Kotagal P, Arunkumar G S
Department of Neurology, Cleveland Clinic Foundation, Ohio 44195, USA.
Epilepsia. 1998;39 Suppl 4:S62-8. doi: 10.1111/j.1528-1157.1998.tb05126.x.
On the basis of cytoarchitectural and functional studies, the frontal lobe can be subdivided into the primary motor cortex, premotor cortex, prefrontal cortex, and the limbic and paralimbic cortices. However, we are still a long way from clearly identifying individual frontal lobe epilepsies. Instead, we are limited to a discussion of frontal lobe seizures arising from various regions of the frontal lobe.

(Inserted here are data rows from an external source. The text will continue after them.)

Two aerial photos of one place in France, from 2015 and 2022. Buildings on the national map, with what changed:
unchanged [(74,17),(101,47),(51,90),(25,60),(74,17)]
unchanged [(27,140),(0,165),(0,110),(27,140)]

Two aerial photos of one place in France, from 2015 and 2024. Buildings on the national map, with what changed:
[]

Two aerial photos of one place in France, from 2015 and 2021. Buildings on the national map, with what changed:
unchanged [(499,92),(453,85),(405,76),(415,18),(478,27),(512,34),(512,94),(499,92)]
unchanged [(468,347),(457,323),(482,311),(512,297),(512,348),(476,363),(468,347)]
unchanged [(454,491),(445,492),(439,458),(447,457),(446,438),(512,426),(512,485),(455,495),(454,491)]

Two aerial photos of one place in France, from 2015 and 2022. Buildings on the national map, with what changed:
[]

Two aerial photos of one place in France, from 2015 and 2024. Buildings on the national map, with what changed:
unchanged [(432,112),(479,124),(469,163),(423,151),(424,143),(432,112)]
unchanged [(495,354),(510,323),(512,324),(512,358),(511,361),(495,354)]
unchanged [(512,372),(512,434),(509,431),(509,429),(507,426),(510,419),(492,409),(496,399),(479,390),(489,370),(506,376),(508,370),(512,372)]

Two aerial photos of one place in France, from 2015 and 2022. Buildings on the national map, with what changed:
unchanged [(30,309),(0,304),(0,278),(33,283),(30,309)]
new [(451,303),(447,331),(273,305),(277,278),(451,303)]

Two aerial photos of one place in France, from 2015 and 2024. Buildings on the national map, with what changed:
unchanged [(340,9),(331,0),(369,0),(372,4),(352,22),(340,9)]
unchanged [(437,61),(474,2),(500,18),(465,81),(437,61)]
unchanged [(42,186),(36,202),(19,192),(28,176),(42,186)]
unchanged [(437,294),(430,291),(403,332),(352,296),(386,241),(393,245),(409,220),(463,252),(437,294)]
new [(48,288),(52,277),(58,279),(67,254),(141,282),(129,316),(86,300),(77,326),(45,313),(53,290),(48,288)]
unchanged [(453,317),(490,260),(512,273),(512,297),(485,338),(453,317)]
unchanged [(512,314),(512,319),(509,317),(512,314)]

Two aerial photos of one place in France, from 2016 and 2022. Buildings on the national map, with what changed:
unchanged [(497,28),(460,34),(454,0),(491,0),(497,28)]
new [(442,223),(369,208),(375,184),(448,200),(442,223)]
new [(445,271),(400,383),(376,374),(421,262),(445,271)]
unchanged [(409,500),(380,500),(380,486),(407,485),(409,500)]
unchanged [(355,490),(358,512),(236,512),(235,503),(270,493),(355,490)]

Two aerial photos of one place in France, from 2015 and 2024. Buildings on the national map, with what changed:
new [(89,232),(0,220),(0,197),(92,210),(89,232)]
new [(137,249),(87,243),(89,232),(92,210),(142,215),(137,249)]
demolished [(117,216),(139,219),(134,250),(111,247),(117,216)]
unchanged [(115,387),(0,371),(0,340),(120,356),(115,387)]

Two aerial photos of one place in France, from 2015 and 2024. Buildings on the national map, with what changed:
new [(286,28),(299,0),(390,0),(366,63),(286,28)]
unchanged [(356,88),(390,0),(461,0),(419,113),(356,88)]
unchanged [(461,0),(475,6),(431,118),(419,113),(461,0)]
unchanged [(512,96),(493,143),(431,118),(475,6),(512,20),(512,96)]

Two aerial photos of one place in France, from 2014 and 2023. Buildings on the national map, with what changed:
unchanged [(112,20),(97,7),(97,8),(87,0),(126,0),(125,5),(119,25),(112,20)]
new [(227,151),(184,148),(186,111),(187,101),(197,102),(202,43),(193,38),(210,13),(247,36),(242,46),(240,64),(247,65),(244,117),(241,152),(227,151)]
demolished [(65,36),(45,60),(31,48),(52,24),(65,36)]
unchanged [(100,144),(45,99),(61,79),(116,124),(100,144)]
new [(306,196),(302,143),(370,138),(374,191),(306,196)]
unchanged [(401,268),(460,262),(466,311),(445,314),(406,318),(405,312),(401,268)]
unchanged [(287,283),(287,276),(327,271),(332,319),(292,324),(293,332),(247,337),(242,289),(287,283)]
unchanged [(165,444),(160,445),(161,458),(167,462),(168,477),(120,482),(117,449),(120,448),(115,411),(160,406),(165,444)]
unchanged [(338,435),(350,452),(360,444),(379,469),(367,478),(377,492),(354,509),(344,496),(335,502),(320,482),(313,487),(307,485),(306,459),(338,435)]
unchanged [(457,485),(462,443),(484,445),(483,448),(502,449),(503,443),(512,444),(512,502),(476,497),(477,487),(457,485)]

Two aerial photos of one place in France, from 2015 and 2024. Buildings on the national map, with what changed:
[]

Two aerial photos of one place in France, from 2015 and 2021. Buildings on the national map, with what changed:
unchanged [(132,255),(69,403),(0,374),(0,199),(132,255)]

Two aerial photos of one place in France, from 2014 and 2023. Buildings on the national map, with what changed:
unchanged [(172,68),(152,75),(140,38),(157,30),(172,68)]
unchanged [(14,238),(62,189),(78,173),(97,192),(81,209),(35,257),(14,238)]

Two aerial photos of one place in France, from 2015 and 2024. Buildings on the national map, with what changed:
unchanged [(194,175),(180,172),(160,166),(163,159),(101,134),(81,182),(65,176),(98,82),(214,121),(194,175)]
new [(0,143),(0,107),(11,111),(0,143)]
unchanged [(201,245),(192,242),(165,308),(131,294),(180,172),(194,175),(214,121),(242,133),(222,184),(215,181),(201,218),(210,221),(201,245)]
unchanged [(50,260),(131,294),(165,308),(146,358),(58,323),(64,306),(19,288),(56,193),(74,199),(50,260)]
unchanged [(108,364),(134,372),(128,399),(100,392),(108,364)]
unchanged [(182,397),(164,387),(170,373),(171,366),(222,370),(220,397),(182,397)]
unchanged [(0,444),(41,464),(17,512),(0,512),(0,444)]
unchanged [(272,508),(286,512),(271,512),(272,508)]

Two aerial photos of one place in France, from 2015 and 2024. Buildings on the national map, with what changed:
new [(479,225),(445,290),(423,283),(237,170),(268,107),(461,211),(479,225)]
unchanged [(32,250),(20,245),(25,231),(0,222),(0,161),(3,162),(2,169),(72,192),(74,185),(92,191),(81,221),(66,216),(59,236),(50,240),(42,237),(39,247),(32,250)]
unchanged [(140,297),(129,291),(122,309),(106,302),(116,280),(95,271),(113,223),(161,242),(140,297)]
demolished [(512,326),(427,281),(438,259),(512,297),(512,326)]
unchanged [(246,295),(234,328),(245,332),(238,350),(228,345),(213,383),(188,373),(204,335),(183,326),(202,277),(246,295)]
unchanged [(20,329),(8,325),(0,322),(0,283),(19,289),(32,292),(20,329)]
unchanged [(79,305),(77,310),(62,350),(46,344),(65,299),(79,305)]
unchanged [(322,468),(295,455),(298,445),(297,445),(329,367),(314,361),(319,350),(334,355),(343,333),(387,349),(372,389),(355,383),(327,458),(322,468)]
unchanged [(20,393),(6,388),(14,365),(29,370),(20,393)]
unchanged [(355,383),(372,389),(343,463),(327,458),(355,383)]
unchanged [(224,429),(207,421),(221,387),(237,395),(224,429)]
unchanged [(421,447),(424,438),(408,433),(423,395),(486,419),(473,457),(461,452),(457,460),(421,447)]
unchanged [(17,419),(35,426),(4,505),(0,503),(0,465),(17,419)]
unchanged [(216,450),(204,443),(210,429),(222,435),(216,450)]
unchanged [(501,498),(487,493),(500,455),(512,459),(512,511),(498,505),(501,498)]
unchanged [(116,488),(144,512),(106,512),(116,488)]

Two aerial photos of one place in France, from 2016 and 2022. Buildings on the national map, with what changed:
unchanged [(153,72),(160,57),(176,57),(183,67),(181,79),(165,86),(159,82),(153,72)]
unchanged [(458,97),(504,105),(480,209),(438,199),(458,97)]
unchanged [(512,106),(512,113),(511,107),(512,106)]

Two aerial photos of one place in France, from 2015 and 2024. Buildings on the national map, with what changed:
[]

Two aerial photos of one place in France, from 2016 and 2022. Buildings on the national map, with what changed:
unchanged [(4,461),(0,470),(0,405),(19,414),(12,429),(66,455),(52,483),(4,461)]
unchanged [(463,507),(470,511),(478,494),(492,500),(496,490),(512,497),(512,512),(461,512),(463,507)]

Supplementary motor area epilepsy and perirolandic epilepsy have been quite well defined, in contrast to syndromes involving other regions of the frontal lobe. Recent technological advances in neuroimaging, electroencephalography, magnetoencephalography and detailed videotape analysis of seizure semiology may enable us to delineate these frontal lobe syndromes with better accuracy, thereby improving outcome after epilepsy surgery.
基于细胞构筑学和功能研究,额叶可细分为初级运动皮层、运动前区皮层、前额叶皮层以及边缘和边缘旁皮层。然而,我们距离清晰地识别个体额叶癫痫仍有很长的路要走。相反,我们只能局限于讨论源自额叶不同区域的额叶癫痫发作。与涉及额叶其他区域的综合征相比,辅助运动区癫痫和中央旁小叶周癫痫已经得到了相当明确的定义。神经影像学、脑电图、脑磁图以及癫痫发作症状学的详细录像分析等方面的最新技术进展,可能使我们能够更准确地描绘这些额叶综合征,从而改善癫痫手术后的治疗效果。